ASSIGNED TASK: Repeat the entries exactly, and do not carry the pictures over.

·····

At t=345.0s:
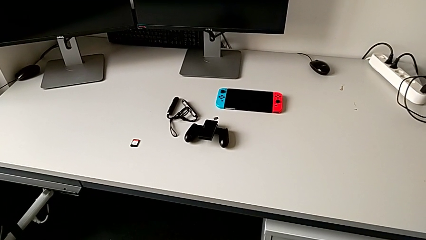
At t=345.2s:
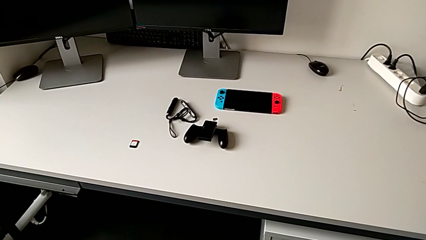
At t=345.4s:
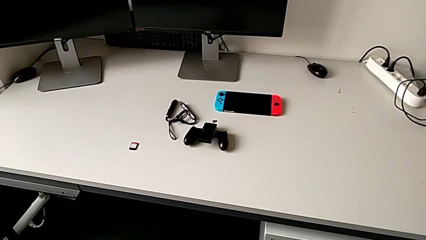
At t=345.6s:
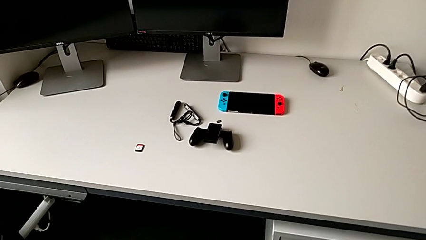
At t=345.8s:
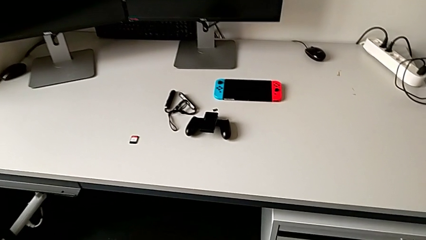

·····

TASK OUTPUT:
At t=345.0s:
At t=345.2s:
At t=345.4s:
At t=345.6s:
At t=345.8s:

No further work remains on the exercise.